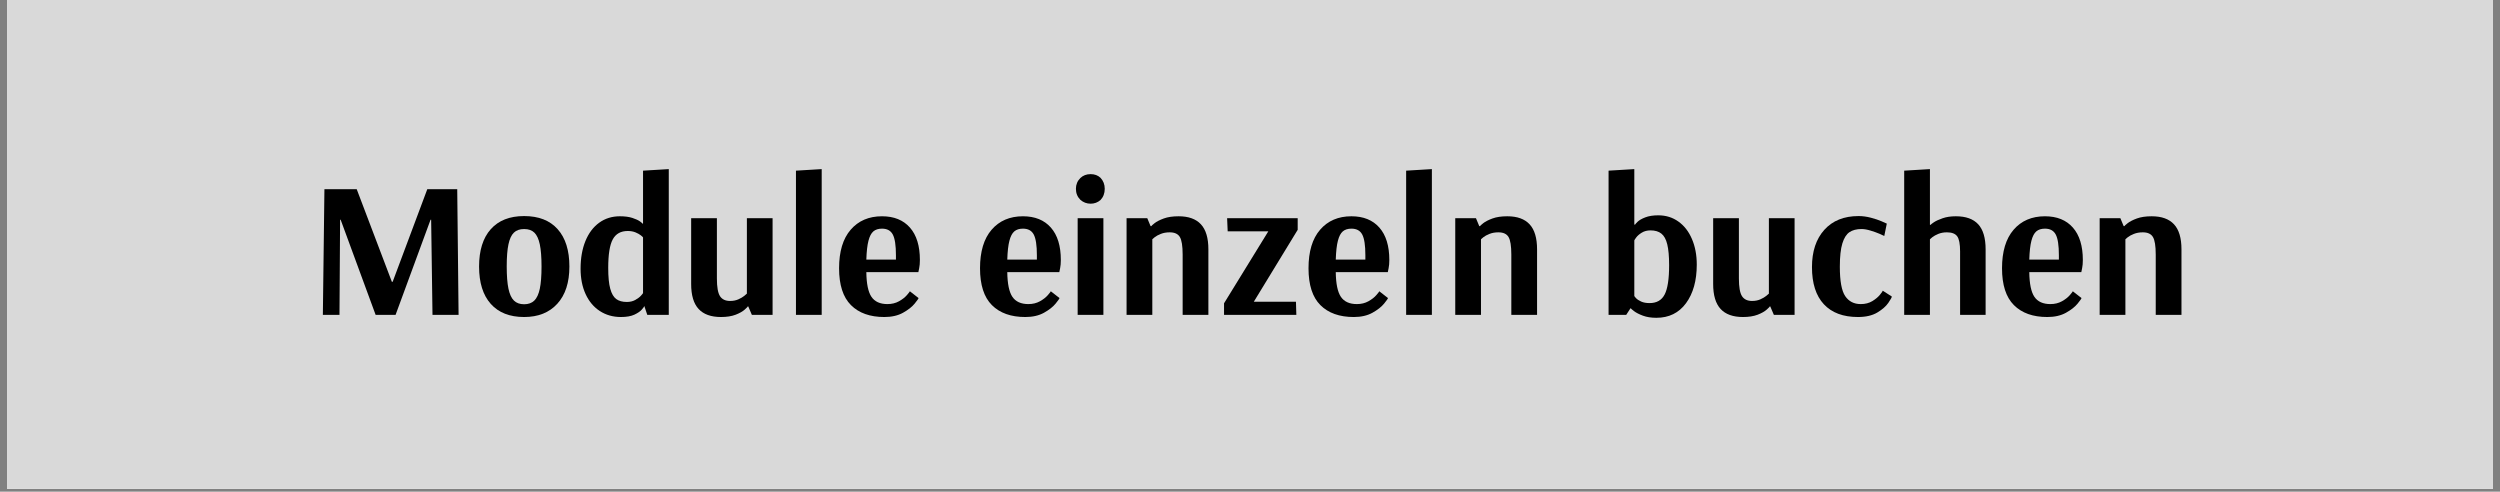 <?xml version="1.0" encoding="UTF-8"?>
<svg xmlns="http://www.w3.org/2000/svg" xmlns:xlink="http://www.w3.org/1999/xlink" width="1200" zoomAndPan="magnify" viewBox="0 0 900 177" height="236" preserveAspectRatio="xMidYMid meet" version="1.0">
  <rect x="0" y="0" width="900" height="177" fill="#808080" stroke="none"/>
  <defs>
    <g></g>
    <clipPath id="9824275d6c">
      <path d="M 2.527 0 L 897.473 0 L 897.473 176.004 L 2.527 176.004 Z M 2.527 0 " clip-rule="nonzero"></path>
    </clipPath>
  </defs>
  <g clip-path="url(#9824275d6c)">
    <path fill="#ffffff" d="M 2.527 0 L 897.473 0 L 897.473 176.004 L 2.527 176.004 Z M 2.527 0 " fill-opacity="1" fill-rule="nonzero"></path>
    <path fill="#d9d9d9" d="M 2.527 0 L 897.473 0 L 897.473 176.004 L 2.527 176.004 Z M 2.527 0 " fill-opacity="1" fill-rule="nonzero"></path>
  </g>
  <g fill="#000000" fill-opacity="1">
    <g transform="translate(110.871, 113.36)">
      <g>
        <path d="M 5.359 0 L 5.922 -45.25 L 17.547 -45.25 L 30.203 -11.906 L 30.484 -11.906 L 42.953 -45.25 L 53.734 -45.25 L 54.219 0 L 44.828 0 L 44.344 -34.25 L 44.125 -34.25 L 31.531 0 L 24.359 0 L 11.766 -34.25 L 11.562 -34.25 L 11.344 0 Z M 5.359 0 "></path>
      </g>
    </g>
  </g>
  <g fill="#000000" fill-opacity="1">
    <g transform="translate(170.451, 113.36)">
      <g>
        <path d="M 18.234 0.766 C 13.035 0.766 9.031 -0.812 6.219 -3.969 C 3.414 -7.125 2.016 -11.602 2.016 -17.406 C 2.016 -23.207 3.414 -27.688 6.219 -30.844 C 9.031 -34 13.035 -35.578 18.234 -35.578 C 23.484 -35.578 27.508 -34 30.312 -30.844 C 33.125 -27.688 34.531 -23.207 34.531 -17.406 C 34.531 -11.645 33.078 -7.176 30.172 -4 C 27.273 -0.82 23.297 0.766 18.234 0.766 Z M 18.234 -3.828 C 19.766 -3.828 20.984 -4.266 21.891 -5.141 C 22.797 -6.023 23.457 -7.441 23.875 -9.391 C 24.289 -11.348 24.5 -14.02 24.5 -17.406 C 24.5 -20.789 24.289 -23.457 23.875 -25.406 C 23.457 -27.352 22.805 -28.754 21.922 -29.609 C 21.047 -30.473 19.816 -30.906 18.234 -30.906 C 16.66 -30.906 15.43 -30.473 14.547 -29.609 C 13.66 -28.754 13.008 -27.352 12.594 -25.406 C 12.176 -23.457 11.969 -20.812 11.969 -17.469 C 11.969 -14.082 12.176 -11.398 12.594 -9.422 C 13.008 -7.453 13.672 -6.023 14.578 -5.141 C 15.484 -4.266 16.703 -3.828 18.234 -3.828 Z M 18.234 -3.828 "></path>
      </g>
    </g>
  </g>
  <g fill="#000000" fill-opacity="1">
    <g transform="translate(206.993, 113.36)">
      <g>
        <path d="M 16.562 0.766 C 13.688 0.766 11.145 0.047 8.938 -1.391 C 6.738 -2.828 5.035 -4.859 3.828 -7.484 C 2.617 -10.109 2.016 -13.16 2.016 -16.641 C 2.016 -20.398 2.594 -23.707 3.75 -26.562 C 4.914 -29.414 6.566 -31.617 8.703 -33.172 C 10.836 -34.723 13.32 -35.5 16.156 -35.5 C 17.957 -35.5 19.461 -35.301 20.672 -34.906 C 21.879 -34.508 22.785 -34.094 23.391 -33.656 C 23.992 -33.219 24.297 -32.953 24.297 -32.859 L 24.5 -32.859 L 24.5 -51.922 L 33.766 -52.484 L 33.766 0 L 26.031 0 L 24.984 -3.125 L 24.922 -3.125 C 24.922 -2.988 24.641 -2.594 24.078 -1.938 C 23.523 -1.289 22.633 -0.676 21.406 -0.094 C 20.176 0.477 18.562 0.766 16.562 0.766 Z M 18.656 -4.656 C 19.812 -4.656 20.816 -4.891 21.672 -5.359 C 22.535 -5.828 23.223 -6.336 23.734 -6.891 C 24.242 -7.453 24.5 -7.773 24.5 -7.859 L 24.5 -27.906 C 24.406 -28.051 24.141 -28.297 23.703 -28.641 C 23.266 -28.992 22.641 -29.344 21.828 -29.688 C 21.016 -30.031 20.07 -30.203 19 -30.203 C 16.5 -30.203 14.703 -29.203 13.609 -27.203 C 12.516 -25.211 11.969 -21.785 11.969 -16.922 C 11.969 -13.672 12.211 -11.16 12.703 -9.391 C 13.191 -7.629 13.91 -6.398 14.859 -5.703 C 15.805 -5.004 17.07 -4.656 18.656 -4.656 Z M 18.656 -4.656 "></path>
      </g>
    </g>
  </g>
  <g fill="#000000" fill-opacity="1">
    <g transform="translate(244.926, 113.36)">
      <g>
        <path d="M 14.625 0.766 C 11.051 0.766 8.367 -0.195 6.578 -2.125 C 4.785 -4.051 3.891 -7.055 3.891 -11.141 L 3.891 -34.812 L 13.156 -34.812 L 13.156 -13.094 C 13.156 -10.031 13.523 -7.914 14.266 -6.75 C 15.016 -5.594 16.223 -5.016 17.891 -5.016 C 19.004 -5.016 20 -5.207 20.875 -5.594 C 21.758 -5.988 22.457 -6.395 22.969 -6.812 C 23.477 -7.238 23.805 -7.52 23.953 -7.656 L 23.953 -34.812 L 33.203 -34.812 L 33.203 0 L 25.75 0 L 24.438 -3.062 L 24.297 -3.062 C 24.297 -2.969 23.922 -2.582 23.172 -1.906 C 22.43 -1.238 21.344 -0.625 19.906 -0.062 C 18.469 0.488 16.707 0.766 14.625 0.766 Z M 14.625 0.766 "></path>
      </g>
    </g>
  </g>
  <g fill="#000000" fill-opacity="1">
    <g transform="translate(282.373, 113.36)">
      <g>
        <path d="M 4.172 0 L 4.172 -51.922 L 13.438 -52.484 L 13.438 0 Z M 4.172 0 "></path>
      </g>
    </g>
  </g>
  <g fill="#000000" fill-opacity="1">
    <g transform="translate(300.052, 113.36)">
      <g>
        <path d="M 18.312 0.766 C 13.156 0.766 9.148 -0.66 6.297 -3.516 C 3.441 -6.367 2.016 -10.789 2.016 -16.781 C 2.016 -22.812 3.406 -27.438 6.188 -30.656 C 8.977 -33.883 12.738 -35.5 17.469 -35.5 C 21.789 -35.5 25.145 -34.141 27.531 -31.422 C 29.914 -28.711 31.109 -24.828 31.109 -19.766 C 31.109 -18.609 31.023 -17.633 30.859 -16.844 C 30.703 -16.051 30.602 -15.566 30.562 -15.391 L 11.828 -15.391 C 11.879 -11.211 12.492 -8.25 13.672 -6.5 C 14.859 -4.758 16.773 -3.891 19.422 -3.891 C 20.992 -3.891 22.383 -4.227 23.594 -4.906 C 24.801 -5.582 25.754 -6.328 26.453 -7.141 C 27.148 -7.953 27.5 -8.406 27.5 -8.5 L 30.625 -6.062 C 30.625 -5.875 30.148 -5.195 29.203 -4.031 C 28.254 -2.875 26.863 -1.785 25.031 -0.766 C 23.195 0.254 20.957 0.766 18.312 0.766 Z M 22.484 -19.906 L 22.484 -21.516 C 22.484 -25.035 22.109 -27.504 21.359 -28.922 C 20.617 -30.336 19.32 -31.047 17.469 -31.047 C 16.164 -31.047 15.129 -30.719 14.359 -30.062 C 13.598 -29.414 13.008 -28.289 12.594 -26.688 C 12.176 -25.094 11.922 -22.832 11.828 -19.906 Z M 22.484 -19.906 "></path>
      </g>
    </g>
  </g>
  <g fill="#000000" fill-opacity="1">
    <g transform="translate(333.044, 113.36)">
      <g></g>
    </g>
  </g>
  <g fill="#000000" fill-opacity="1">
    <g transform="translate(350.792, 113.36)">
      <g>
        <path d="M 18.312 0.766 C 13.156 0.766 9.148 -0.66 6.297 -3.516 C 3.441 -6.367 2.016 -10.789 2.016 -16.781 C 2.016 -22.812 3.406 -27.438 6.188 -30.656 C 8.977 -33.883 12.738 -35.5 17.469 -35.5 C 21.789 -35.5 25.145 -34.141 27.531 -31.422 C 29.914 -28.711 31.109 -24.828 31.109 -19.766 C 31.109 -18.609 31.023 -17.633 30.859 -16.844 C 30.703 -16.051 30.602 -15.566 30.562 -15.391 L 11.828 -15.391 C 11.879 -11.211 12.492 -8.25 13.672 -6.5 C 14.859 -4.758 16.773 -3.891 19.422 -3.891 C 20.992 -3.891 22.383 -4.227 23.594 -4.906 C 24.801 -5.582 25.754 -6.328 26.453 -7.141 C 27.148 -7.953 27.5 -8.406 27.5 -8.5 L 30.625 -6.062 C 30.625 -5.875 30.148 -5.195 29.203 -4.031 C 28.254 -2.875 26.863 -1.785 25.031 -0.766 C 23.195 0.254 20.957 0.766 18.312 0.766 Z M 22.484 -19.906 L 22.484 -21.516 C 22.484 -25.035 22.109 -27.504 21.359 -28.922 C 20.617 -30.336 19.32 -31.047 17.469 -31.047 C 16.164 -31.047 15.129 -30.719 14.359 -30.062 C 13.598 -29.414 13.008 -28.289 12.594 -26.688 C 12.176 -25.094 11.922 -22.832 11.828 -19.906 Z M 22.484 -19.906 "></path>
      </g>
    </g>
  </g>
  <g fill="#000000" fill-opacity="1">
    <g transform="translate(383.784, 113.36)">
      <g>
        <path d="M 8.844 -40.031 C 7.445 -40.031 6.219 -40.492 5.156 -41.422 C 4.082 -42.484 3.547 -43.805 3.547 -45.391 C 3.547 -46.922 4.082 -48.219 5.156 -49.281 C 6.125 -50.207 7.352 -50.672 8.844 -50.672 C 10.281 -50.672 11.461 -50.234 12.391 -49.359 C 13.41 -48.285 13.922 -46.961 13.922 -45.391 C 13.922 -43.766 13.41 -42.414 12.391 -41.344 C 11.367 -40.469 10.188 -40.031 8.844 -40.031 Z M 4.172 0 L 4.172 -34.812 L 13.438 -34.812 L 13.438 0 Z M 4.172 0 "></path>
      </g>
    </g>
  </g>
  <g fill="#000000" fill-opacity="1">
    <g transform="translate(401.394, 113.36)">
      <g>
        <path d="M 4.172 -34.812 L 11.625 -34.812 L 12.812 -31.953 L 13.094 -31.953 C 13.094 -32.047 13.473 -32.395 14.234 -33 C 15.004 -33.602 16.109 -34.172 17.547 -34.703 C 18.984 -35.234 20.77 -35.5 22.906 -35.5 C 26.477 -35.5 29.156 -34.535 30.938 -32.609 C 32.727 -30.68 33.625 -27.676 33.625 -23.594 L 33.625 0 L 24.359 0 L 24.359 -21.719 C 24.359 -24.82 24.02 -26.93 23.344 -28.047 C 22.676 -29.16 21.461 -29.719 19.703 -29.719 C 18.492 -29.719 17.426 -29.531 16.5 -29.156 C 15.57 -28.789 14.828 -28.383 14.266 -27.938 C 13.711 -27.5 13.438 -27.258 13.438 -27.219 L 13.438 0 L 4.172 0 Z M 4.172 -34.812 "></path>
      </g>
    </g>
  </g>
  <g fill="#000000" fill-opacity="1">
    <g transform="translate(438.84, 113.36)">
      <g>
        <path d="M 1.812 0 L 1.812 -4.172 L 17.75 -30.078 L 3.125 -30.078 L 2.922 -34.812 L 28.328 -34.812 L 28.328 -30.625 L 12.531 -4.734 L 27.703 -4.734 L 27.844 0 Z M 1.812 0 "></path>
      </g>
    </g>
  </g>
  <g fill="#000000" fill-opacity="1">
    <g transform="translate(469.048, 113.36)">
      <g>
        <path d="M 18.312 0.766 C 13.156 0.766 9.148 -0.66 6.297 -3.516 C 3.441 -6.367 2.016 -10.789 2.016 -16.781 C 2.016 -22.812 3.406 -27.438 6.188 -30.656 C 8.977 -33.883 12.738 -35.5 17.469 -35.5 C 21.789 -35.5 25.145 -34.141 27.531 -31.422 C 29.914 -28.711 31.109 -24.828 31.109 -19.766 C 31.109 -18.609 31.023 -17.633 30.859 -16.844 C 30.703 -16.051 30.602 -15.566 30.562 -15.391 L 11.828 -15.391 C 11.879 -11.211 12.492 -8.25 13.672 -6.5 C 14.859 -4.758 16.773 -3.891 19.422 -3.891 C 20.992 -3.891 22.383 -4.227 23.594 -4.906 C 24.801 -5.582 25.754 -6.328 26.453 -7.141 C 27.148 -7.953 27.5 -8.406 27.5 -8.5 L 30.625 -6.062 C 30.625 -5.875 30.148 -5.195 29.203 -4.031 C 28.254 -2.875 26.863 -1.785 25.031 -0.766 C 23.195 0.254 20.957 0.766 18.312 0.766 Z M 22.484 -19.906 L 22.484 -21.516 C 22.484 -25.035 22.109 -27.504 21.359 -28.922 C 20.617 -30.336 19.32 -31.047 17.469 -31.047 C 16.164 -31.047 15.129 -30.719 14.359 -30.062 C 13.598 -29.414 13.008 -28.289 12.594 -26.688 C 12.176 -25.094 11.922 -22.832 11.828 -19.906 Z M 22.484 -19.906 "></path>
      </g>
    </g>
  </g>
  <g fill="#000000" fill-opacity="1">
    <g transform="translate(502.04, 113.36)">
      <g>
        <path d="M 4.172 0 L 4.172 -51.922 L 13.438 -52.484 L 13.438 0 Z M 4.172 0 "></path>
      </g>
    </g>
  </g>
  <g fill="#000000" fill-opacity="1">
    <g transform="translate(519.719, 113.36)">
      <g>
        <path d="M 4.172 -34.812 L 11.625 -34.812 L 12.812 -31.953 L 13.094 -31.953 C 13.094 -32.047 13.473 -32.395 14.234 -33 C 15.004 -33.602 16.109 -34.172 17.547 -34.703 C 18.984 -35.234 20.77 -35.5 22.906 -35.5 C 26.477 -35.5 29.156 -34.535 30.938 -32.609 C 32.727 -30.68 33.625 -27.676 33.625 -23.594 L 33.625 0 L 24.359 0 L 24.359 -21.719 C 24.359 -24.82 24.02 -26.93 23.344 -28.047 C 22.676 -29.16 21.461 -29.719 19.703 -29.719 C 18.492 -29.719 17.426 -29.531 16.5 -29.156 C 15.57 -28.789 14.828 -28.383 14.266 -27.938 C 13.711 -27.5 13.438 -27.258 13.438 -27.219 L 13.438 0 L 4.172 0 Z M 4.172 -34.812 "></path>
      </g>
    </g>
  </g>
  <g fill="#000000" fill-opacity="1">
    <g transform="translate(557.165, 113.36)">
      <g></g>
    </g>
  </g>
  <g fill="#000000" fill-opacity="1">
    <g transform="translate(574.914, 113.36)">
      <g>
        <path d="M 21.375 1.047 C 19.508 1.047 17.895 0.789 16.531 0.281 C 15.164 -0.227 14.098 -0.773 13.328 -1.359 C 12.566 -1.941 12.188 -2.273 12.188 -2.359 L 12.047 -2.359 L 10.516 0 L 4.172 0 L 4.172 -51.922 L 13.438 -52.484 L 13.438 -32.5 L 13.719 -32.5 C 13.719 -32.594 14.016 -32.93 14.609 -33.516 C 15.211 -34.098 16.141 -34.629 17.391 -35.109 C 18.648 -35.598 20.207 -35.844 22.062 -35.844 C 24.801 -35.844 27.211 -35.098 29.297 -33.609 C 31.391 -32.129 33.016 -30.039 34.172 -27.344 C 35.336 -24.656 35.922 -21.57 35.922 -18.094 C 35.922 -12.344 34.629 -7.711 32.047 -4.203 C 29.473 -0.703 25.914 1.047 21.375 1.047 Z M 18.938 -4.25 C 21.488 -4.25 23.297 -5.281 24.359 -7.344 C 25.43 -9.406 25.969 -12.922 25.969 -17.891 C 25.969 -21.086 25.742 -23.594 25.297 -25.406 C 24.859 -27.219 24.148 -28.504 23.172 -29.266 C 22.203 -30.035 20.906 -30.422 19.281 -30.422 C 18.07 -30.422 17.023 -30.148 16.141 -29.609 C 15.266 -29.078 14.594 -28.5 14.125 -27.875 C 13.664 -27.25 13.438 -26.891 13.438 -26.797 L 13.438 -6.828 C 13.438 -6.734 13.645 -6.461 14.062 -6.016 C 14.477 -5.578 15.094 -5.172 15.906 -4.797 C 16.719 -4.43 17.727 -4.25 18.938 -4.25 Z M 18.938 -4.25 "></path>
      </g>
    </g>
  </g>
  <g fill="#000000" fill-opacity="1">
    <g transform="translate(612.847, 113.36)">
      <g>
        <path d="M 14.625 0.766 C 11.051 0.766 8.367 -0.195 6.578 -2.125 C 4.785 -4.051 3.891 -7.055 3.891 -11.141 L 3.891 -34.812 L 13.156 -34.812 L 13.156 -13.094 C 13.156 -10.031 13.523 -7.914 14.266 -6.75 C 15.016 -5.594 16.223 -5.016 17.891 -5.016 C 19.004 -5.016 20 -5.207 20.875 -5.594 C 21.758 -5.988 22.457 -6.395 22.969 -6.812 C 23.477 -7.238 23.805 -7.52 23.953 -7.656 L 23.953 -34.812 L 33.203 -34.812 L 33.203 0 L 25.75 0 L 24.438 -3.062 L 24.297 -3.062 C 24.297 -2.969 23.922 -2.582 23.172 -1.906 C 22.43 -1.238 21.344 -0.625 19.906 -0.062 C 18.469 0.488 16.707 0.766 14.625 0.766 Z M 14.625 0.766 "></path>
      </g>
    </g>
  </g>
  <g fill="#000000" fill-opacity="1">
    <g transform="translate(650.294, 113.36)">
      <g>
        <path d="M 18.578 0.766 C 13.242 0.766 9.148 -0.766 6.297 -3.828 C 3.441 -6.891 2.016 -11.344 2.016 -17.188 C 2.016 -22.852 3.5 -27.332 6.469 -30.625 C 9.438 -33.926 13.547 -35.578 18.797 -35.578 C 20.234 -35.578 21.707 -35.379 23.219 -34.984 C 24.727 -34.586 25.992 -34.164 27.016 -33.719 C 28.035 -33.281 28.68 -32.992 28.953 -32.859 L 28.047 -28.406 C 27.816 -28.539 27.238 -28.805 26.312 -29.203 C 25.383 -29.598 24.316 -29.977 23.109 -30.344 C 21.898 -30.719 20.812 -30.906 19.844 -30.906 C 18.07 -30.906 16.629 -30.531 15.516 -29.781 C 14.41 -29.039 13.555 -27.688 12.953 -25.719 C 12.348 -23.75 12.047 -20.953 12.047 -17.328 C 12.047 -12.18 12.691 -8.656 13.984 -6.75 C 15.285 -4.844 17.145 -3.891 19.562 -3.891 C 21.188 -3.891 22.586 -4.25 23.766 -4.969 C 24.953 -5.695 25.867 -6.469 26.516 -7.281 C 27.172 -8.094 27.5 -8.566 27.5 -8.703 L 30.766 -6.609 C 30.766 -6.328 30.348 -5.57 29.516 -4.344 C 28.68 -3.113 27.359 -1.953 25.547 -0.859 C 23.734 0.223 21.41 0.766 18.578 0.766 Z M 18.578 0.766 "></path>
      </g>
    </g>
  </g>
  <g fill="#000000" fill-opacity="1">
    <g transform="translate(681.337, 113.36)">
      <g>
        <path d="M 4.172 -51.922 L 13.438 -52.484 L 13.438 -32.438 L 13.719 -32.438 C 13.719 -32.531 14.098 -32.832 14.859 -33.344 C 15.629 -33.852 16.688 -34.336 18.031 -34.797 C 19.375 -35.266 20.953 -35.5 22.766 -35.5 C 26.379 -35.5 29.066 -34.535 30.828 -32.609 C 32.598 -30.68 33.484 -27.676 33.484 -23.594 L 33.484 0 L 24.297 0 L 24.297 -22.828 C 24.297 -25.523 23.945 -27.348 23.25 -28.297 C 22.551 -29.242 21.32 -29.719 19.562 -29.719 C 18.395 -29.719 17.359 -29.531 16.453 -29.156 C 15.555 -28.789 14.828 -28.383 14.266 -27.938 C 13.711 -27.5 13.438 -27.258 13.438 -27.219 L 13.438 0 L 4.172 0 Z M 4.172 -51.922 "></path>
      </g>
    </g>
  </g>
  <g fill="#000000" fill-opacity="1">
    <g transform="translate(718.713, 113.36)">
      <g>
        <path d="M 18.312 0.766 C 13.156 0.766 9.148 -0.66 6.297 -3.516 C 3.441 -6.367 2.016 -10.789 2.016 -16.781 C 2.016 -22.812 3.406 -27.438 6.188 -30.656 C 8.977 -33.883 12.738 -35.5 17.469 -35.5 C 21.789 -35.5 25.145 -34.141 27.531 -31.422 C 29.914 -28.711 31.109 -24.828 31.109 -19.766 C 31.109 -18.609 31.023 -17.633 30.859 -16.844 C 30.703 -16.051 30.602 -15.566 30.562 -15.391 L 11.828 -15.391 C 11.879 -11.211 12.492 -8.25 13.672 -6.5 C 14.859 -4.758 16.773 -3.891 19.422 -3.891 C 20.992 -3.891 22.383 -4.227 23.594 -4.906 C 24.801 -5.582 25.754 -6.328 26.453 -7.141 C 27.148 -7.953 27.5 -8.406 27.5 -8.5 L 30.625 -6.062 C 30.625 -5.875 30.148 -5.195 29.203 -4.031 C 28.254 -2.875 26.863 -1.785 25.031 -0.766 C 23.195 0.254 20.957 0.766 18.312 0.766 Z M 22.484 -19.906 L 22.484 -21.516 C 22.484 -25.035 22.109 -27.504 21.359 -28.922 C 20.617 -30.336 19.32 -31.047 17.469 -31.047 C 16.164 -31.047 15.129 -30.719 14.359 -30.062 C 13.598 -29.414 13.008 -28.289 12.594 -26.688 C 12.176 -25.094 11.922 -22.832 11.828 -19.906 Z M 22.484 -19.906 "></path>
      </g>
    </g>
  </g>
  <g fill="#000000" fill-opacity="1">
    <g transform="translate(751.705, 113.36)">
      <g>
        <path d="M 4.172 -34.812 L 11.625 -34.812 L 12.812 -31.953 L 13.094 -31.953 C 13.094 -32.047 13.473 -32.395 14.234 -33 C 15.004 -33.602 16.109 -34.172 17.547 -34.703 C 18.984 -35.234 20.77 -35.5 22.906 -35.5 C 26.477 -35.5 29.156 -34.535 30.938 -32.609 C 32.727 -30.68 33.625 -27.676 33.625 -23.594 L 33.625 0 L 24.359 0 L 24.359 -21.719 C 24.359 -24.82 24.02 -26.93 23.344 -28.047 C 22.676 -29.16 21.461 -29.719 19.703 -29.719 C 18.492 -29.719 17.426 -29.531 16.5 -29.156 C 15.57 -28.789 14.828 -28.383 14.266 -27.938 C 13.711 -27.5 13.438 -27.258 13.438 -27.219 L 13.438 0 L 4.172 0 Z M 4.172 -34.812 "></path>
      </g>
    </g>
  </g>
</svg>

§ **YOUR TASK**
Read through the entries, then copy every line where the string "height" is found.

§ **EXERCISE RESULT**
<svg xmlns="http://www.w3.org/2000/svg" xmlns:xlink="http://www.w3.org/1999/xlink" width="1200" zoomAndPan="magnify" viewBox="0 0 900 177" height="236" preserveAspectRatio="xMidYMid meet" version="1.0">
  <rect x="0" y="0" width="900" height="177" fill="#808080" stroke="none"/>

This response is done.